[Recorded data]
*****

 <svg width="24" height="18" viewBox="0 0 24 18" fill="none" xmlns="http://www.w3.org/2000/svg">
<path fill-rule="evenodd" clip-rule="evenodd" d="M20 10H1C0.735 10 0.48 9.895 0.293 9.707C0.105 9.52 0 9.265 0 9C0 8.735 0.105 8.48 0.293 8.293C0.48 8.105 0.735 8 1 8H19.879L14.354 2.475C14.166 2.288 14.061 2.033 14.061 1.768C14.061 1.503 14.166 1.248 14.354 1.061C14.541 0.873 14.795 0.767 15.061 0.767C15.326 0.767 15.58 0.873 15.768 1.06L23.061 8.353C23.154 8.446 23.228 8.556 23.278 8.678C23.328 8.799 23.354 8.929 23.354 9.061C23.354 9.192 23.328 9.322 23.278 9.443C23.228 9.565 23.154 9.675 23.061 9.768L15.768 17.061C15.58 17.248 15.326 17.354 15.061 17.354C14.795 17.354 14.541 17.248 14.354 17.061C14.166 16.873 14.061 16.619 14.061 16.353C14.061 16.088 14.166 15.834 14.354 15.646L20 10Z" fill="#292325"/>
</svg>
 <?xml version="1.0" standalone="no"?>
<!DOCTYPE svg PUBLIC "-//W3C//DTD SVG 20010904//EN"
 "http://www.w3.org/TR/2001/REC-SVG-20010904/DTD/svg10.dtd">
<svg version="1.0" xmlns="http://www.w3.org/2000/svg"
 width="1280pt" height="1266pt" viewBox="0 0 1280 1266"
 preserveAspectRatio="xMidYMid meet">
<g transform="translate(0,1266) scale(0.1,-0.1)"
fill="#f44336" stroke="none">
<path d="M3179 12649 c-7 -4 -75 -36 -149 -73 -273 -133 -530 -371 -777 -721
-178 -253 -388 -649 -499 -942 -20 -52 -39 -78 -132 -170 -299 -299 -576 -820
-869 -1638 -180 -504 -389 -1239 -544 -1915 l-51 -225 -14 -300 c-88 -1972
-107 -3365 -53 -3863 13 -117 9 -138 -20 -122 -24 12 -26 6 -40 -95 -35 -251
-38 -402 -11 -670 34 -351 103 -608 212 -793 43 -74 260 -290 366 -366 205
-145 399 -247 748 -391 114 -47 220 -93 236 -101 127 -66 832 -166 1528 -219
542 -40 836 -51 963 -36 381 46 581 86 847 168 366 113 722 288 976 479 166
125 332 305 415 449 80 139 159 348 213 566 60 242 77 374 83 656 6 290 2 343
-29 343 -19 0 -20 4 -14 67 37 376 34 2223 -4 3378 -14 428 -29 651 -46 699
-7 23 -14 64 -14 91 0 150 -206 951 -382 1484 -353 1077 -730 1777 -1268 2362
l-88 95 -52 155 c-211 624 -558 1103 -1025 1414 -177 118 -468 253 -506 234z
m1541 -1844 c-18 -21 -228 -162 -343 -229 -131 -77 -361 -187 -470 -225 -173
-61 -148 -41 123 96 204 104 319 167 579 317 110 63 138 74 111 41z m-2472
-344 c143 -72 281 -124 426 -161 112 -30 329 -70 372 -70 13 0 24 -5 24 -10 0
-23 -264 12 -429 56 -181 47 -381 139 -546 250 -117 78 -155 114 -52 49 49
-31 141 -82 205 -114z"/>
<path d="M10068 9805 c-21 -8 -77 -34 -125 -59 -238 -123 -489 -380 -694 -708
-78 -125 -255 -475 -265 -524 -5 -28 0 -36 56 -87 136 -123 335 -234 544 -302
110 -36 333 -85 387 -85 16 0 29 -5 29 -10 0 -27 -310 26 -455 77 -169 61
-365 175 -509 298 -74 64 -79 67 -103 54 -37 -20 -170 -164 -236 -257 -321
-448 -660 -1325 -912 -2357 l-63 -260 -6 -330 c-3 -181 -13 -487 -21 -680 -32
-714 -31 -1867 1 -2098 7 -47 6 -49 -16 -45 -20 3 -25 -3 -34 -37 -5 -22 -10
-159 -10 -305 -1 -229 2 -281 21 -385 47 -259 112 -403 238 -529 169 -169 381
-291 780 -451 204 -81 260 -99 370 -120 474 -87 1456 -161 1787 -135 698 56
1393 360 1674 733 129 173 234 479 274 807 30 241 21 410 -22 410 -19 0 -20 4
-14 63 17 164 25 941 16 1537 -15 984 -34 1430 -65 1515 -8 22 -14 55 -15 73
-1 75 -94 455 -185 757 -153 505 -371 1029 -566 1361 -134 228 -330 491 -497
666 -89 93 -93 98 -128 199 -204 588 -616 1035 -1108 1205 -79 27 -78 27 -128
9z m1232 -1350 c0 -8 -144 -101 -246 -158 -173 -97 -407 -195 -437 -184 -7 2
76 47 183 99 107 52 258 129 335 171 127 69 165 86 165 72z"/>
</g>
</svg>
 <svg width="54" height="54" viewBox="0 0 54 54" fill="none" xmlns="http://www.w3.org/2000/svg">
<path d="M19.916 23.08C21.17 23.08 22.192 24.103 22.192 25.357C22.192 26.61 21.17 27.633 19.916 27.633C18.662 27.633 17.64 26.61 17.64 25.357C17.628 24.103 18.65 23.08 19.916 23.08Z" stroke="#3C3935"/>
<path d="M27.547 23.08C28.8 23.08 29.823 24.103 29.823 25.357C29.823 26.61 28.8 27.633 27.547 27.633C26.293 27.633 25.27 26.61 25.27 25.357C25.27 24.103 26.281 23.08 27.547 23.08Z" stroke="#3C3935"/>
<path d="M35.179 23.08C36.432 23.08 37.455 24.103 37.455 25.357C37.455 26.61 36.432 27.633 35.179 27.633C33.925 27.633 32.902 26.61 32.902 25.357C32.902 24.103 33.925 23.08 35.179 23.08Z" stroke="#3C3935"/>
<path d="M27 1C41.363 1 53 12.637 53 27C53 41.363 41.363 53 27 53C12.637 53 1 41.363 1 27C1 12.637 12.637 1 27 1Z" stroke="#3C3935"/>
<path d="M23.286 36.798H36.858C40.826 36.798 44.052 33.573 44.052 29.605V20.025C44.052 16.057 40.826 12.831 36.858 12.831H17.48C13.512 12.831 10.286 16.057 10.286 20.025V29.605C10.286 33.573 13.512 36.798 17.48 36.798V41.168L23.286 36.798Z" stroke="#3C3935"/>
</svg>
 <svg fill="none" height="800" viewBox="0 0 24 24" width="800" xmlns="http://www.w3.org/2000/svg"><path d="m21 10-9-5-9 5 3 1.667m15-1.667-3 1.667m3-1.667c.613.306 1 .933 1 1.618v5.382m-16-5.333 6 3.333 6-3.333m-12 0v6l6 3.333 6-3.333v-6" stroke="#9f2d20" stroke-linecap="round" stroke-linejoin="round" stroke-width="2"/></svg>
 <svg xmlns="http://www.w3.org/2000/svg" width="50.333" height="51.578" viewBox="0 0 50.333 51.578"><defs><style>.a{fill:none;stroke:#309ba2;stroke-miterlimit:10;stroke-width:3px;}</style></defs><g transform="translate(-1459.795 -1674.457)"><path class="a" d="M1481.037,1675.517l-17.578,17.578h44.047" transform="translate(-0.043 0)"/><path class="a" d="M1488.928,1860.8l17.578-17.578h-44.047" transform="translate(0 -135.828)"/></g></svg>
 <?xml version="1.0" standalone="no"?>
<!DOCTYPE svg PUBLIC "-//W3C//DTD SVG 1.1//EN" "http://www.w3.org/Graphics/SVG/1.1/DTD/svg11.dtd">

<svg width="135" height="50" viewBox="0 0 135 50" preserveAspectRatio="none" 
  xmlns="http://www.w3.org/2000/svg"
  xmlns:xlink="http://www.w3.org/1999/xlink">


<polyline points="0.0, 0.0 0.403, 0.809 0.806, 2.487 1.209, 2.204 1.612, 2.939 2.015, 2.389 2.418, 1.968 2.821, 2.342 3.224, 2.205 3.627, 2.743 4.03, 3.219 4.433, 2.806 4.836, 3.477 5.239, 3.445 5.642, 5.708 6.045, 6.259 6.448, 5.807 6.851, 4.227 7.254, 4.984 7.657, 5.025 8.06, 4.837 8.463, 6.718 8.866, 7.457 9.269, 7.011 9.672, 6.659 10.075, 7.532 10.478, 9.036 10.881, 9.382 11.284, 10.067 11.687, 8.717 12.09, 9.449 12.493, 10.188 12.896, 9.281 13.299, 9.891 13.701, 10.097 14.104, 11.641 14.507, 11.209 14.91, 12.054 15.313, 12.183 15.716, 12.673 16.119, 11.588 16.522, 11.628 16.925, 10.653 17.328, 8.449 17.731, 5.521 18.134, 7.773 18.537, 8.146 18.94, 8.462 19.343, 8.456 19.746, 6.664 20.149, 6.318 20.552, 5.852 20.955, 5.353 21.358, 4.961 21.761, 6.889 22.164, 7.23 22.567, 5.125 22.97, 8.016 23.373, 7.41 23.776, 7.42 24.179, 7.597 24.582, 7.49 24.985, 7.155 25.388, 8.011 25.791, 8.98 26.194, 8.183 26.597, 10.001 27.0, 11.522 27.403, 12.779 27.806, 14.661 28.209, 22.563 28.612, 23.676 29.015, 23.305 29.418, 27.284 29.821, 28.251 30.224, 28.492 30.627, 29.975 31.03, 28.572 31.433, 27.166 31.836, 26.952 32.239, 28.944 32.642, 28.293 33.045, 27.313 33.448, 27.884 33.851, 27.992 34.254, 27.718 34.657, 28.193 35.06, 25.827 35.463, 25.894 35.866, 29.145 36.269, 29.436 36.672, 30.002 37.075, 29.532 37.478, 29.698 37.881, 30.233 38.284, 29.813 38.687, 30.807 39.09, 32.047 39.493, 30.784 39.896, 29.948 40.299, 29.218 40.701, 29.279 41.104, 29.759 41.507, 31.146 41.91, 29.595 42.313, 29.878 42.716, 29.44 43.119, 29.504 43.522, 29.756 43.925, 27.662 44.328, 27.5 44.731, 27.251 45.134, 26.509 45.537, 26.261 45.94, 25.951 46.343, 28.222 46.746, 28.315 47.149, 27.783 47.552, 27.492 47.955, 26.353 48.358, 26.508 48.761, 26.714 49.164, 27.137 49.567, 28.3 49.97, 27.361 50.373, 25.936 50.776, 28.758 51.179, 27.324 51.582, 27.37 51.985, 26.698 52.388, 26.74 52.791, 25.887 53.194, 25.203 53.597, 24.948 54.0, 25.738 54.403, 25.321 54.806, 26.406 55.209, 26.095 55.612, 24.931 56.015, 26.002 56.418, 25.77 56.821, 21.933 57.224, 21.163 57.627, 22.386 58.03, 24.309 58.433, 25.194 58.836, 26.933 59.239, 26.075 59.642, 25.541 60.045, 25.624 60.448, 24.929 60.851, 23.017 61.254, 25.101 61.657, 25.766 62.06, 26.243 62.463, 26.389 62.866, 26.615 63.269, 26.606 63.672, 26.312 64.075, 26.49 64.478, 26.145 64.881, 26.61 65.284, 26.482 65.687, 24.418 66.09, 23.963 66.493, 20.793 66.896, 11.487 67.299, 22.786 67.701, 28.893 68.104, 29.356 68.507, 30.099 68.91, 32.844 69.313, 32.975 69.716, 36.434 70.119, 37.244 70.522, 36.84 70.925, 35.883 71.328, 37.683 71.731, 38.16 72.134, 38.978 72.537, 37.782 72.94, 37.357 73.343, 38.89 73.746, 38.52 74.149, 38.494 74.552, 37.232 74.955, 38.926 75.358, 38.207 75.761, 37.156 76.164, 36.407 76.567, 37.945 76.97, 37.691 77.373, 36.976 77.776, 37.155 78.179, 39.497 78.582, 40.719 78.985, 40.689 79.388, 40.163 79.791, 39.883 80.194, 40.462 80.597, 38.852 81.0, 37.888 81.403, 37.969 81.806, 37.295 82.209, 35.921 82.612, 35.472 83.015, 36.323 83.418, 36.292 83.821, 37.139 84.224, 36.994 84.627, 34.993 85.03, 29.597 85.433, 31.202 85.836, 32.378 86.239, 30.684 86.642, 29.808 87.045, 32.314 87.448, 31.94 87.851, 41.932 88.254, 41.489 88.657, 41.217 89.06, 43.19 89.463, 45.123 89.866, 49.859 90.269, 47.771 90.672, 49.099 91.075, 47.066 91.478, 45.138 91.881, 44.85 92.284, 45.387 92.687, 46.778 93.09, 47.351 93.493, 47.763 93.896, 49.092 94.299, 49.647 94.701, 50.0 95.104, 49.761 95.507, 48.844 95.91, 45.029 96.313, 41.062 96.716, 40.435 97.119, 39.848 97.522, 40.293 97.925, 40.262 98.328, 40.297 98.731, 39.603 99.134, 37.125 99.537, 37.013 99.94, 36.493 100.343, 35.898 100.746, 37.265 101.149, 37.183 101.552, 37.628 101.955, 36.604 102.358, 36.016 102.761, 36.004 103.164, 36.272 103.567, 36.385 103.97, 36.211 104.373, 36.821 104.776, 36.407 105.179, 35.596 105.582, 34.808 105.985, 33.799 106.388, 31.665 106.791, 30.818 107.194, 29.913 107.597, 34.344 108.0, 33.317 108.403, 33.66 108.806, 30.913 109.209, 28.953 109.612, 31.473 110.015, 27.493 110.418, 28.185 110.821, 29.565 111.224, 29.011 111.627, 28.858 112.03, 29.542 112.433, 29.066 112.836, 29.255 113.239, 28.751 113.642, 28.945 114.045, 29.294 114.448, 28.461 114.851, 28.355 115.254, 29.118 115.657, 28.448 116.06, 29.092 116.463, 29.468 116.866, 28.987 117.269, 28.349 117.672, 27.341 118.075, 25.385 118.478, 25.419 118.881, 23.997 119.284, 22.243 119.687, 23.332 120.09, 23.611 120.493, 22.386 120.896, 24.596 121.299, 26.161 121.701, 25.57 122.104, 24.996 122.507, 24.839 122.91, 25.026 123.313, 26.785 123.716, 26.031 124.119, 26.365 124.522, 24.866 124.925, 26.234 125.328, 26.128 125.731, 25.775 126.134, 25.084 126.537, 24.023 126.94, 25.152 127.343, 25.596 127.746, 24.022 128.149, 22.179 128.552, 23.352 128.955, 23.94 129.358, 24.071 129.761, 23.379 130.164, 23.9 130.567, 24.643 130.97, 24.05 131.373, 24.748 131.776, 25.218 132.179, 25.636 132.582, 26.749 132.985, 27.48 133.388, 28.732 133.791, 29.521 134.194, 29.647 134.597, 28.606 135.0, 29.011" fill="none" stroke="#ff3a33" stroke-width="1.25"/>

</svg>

*****

The lines to extract from the data above begin with the line containing "-38 -402 -11" and end with the line containing "110 -36 333". Extract them exactly, including both.

-38 -402 -11 -670 34 -351 103 -608 212 -793 43 -74 260 -290 366 -366 205
-145 399 -247 748 -391 114 -47 220 -93 236 -101 127 -66 832 -166 1528 -219
542 -40 836 -51 963 -36 381 46 581 86 847 168 366 113 722 288 976 479 166
125 332 305 415 449 80 139 159 348 213 566 60 242 77 374 83 656 6 290 2 343
-29 343 -19 0 -20 4 -14 67 37 376 34 2223 -4 3378 -14 428 -29 651 -46 699
-7 23 -14 64 -14 91 0 150 -206 951 -382 1484 -353 1077 -730 1777 -1268 2362
l-88 95 -52 155 c-211 624 -558 1103 -1025 1414 -177 118 -468 253 -506 234z
m1541 -1844 c-18 -21 -228 -162 -343 -229 -131 -77 -361 -187 -470 -225 -173
-61 -148 -41 123 96 204 104 319 167 579 317 110 63 138 74 111 41z m-2472
-344 c143 -72 281 -124 426 -161 112 -30 329 -70 372 -70 13 0 24 -5 24 -10 0
-23 -264 12 -429 56 -181 47 -381 139 -546 250 -117 78 -155 114 -52 49 49
-31 141 -82 205 -114z"/>
<path d="M10068 9805 c-21 -8 -77 -34 -125 -59 -238 -123 -489 -380 -694 -708
-78 -125 -255 -475 -265 -524 -5 -28 0 -36 56 -87 136 -123 335 -234 544 -302
110 -36 333 -85 387 -85 16 0 29 -5 29 -10 0 -27 -310 26 -455 77 -169 61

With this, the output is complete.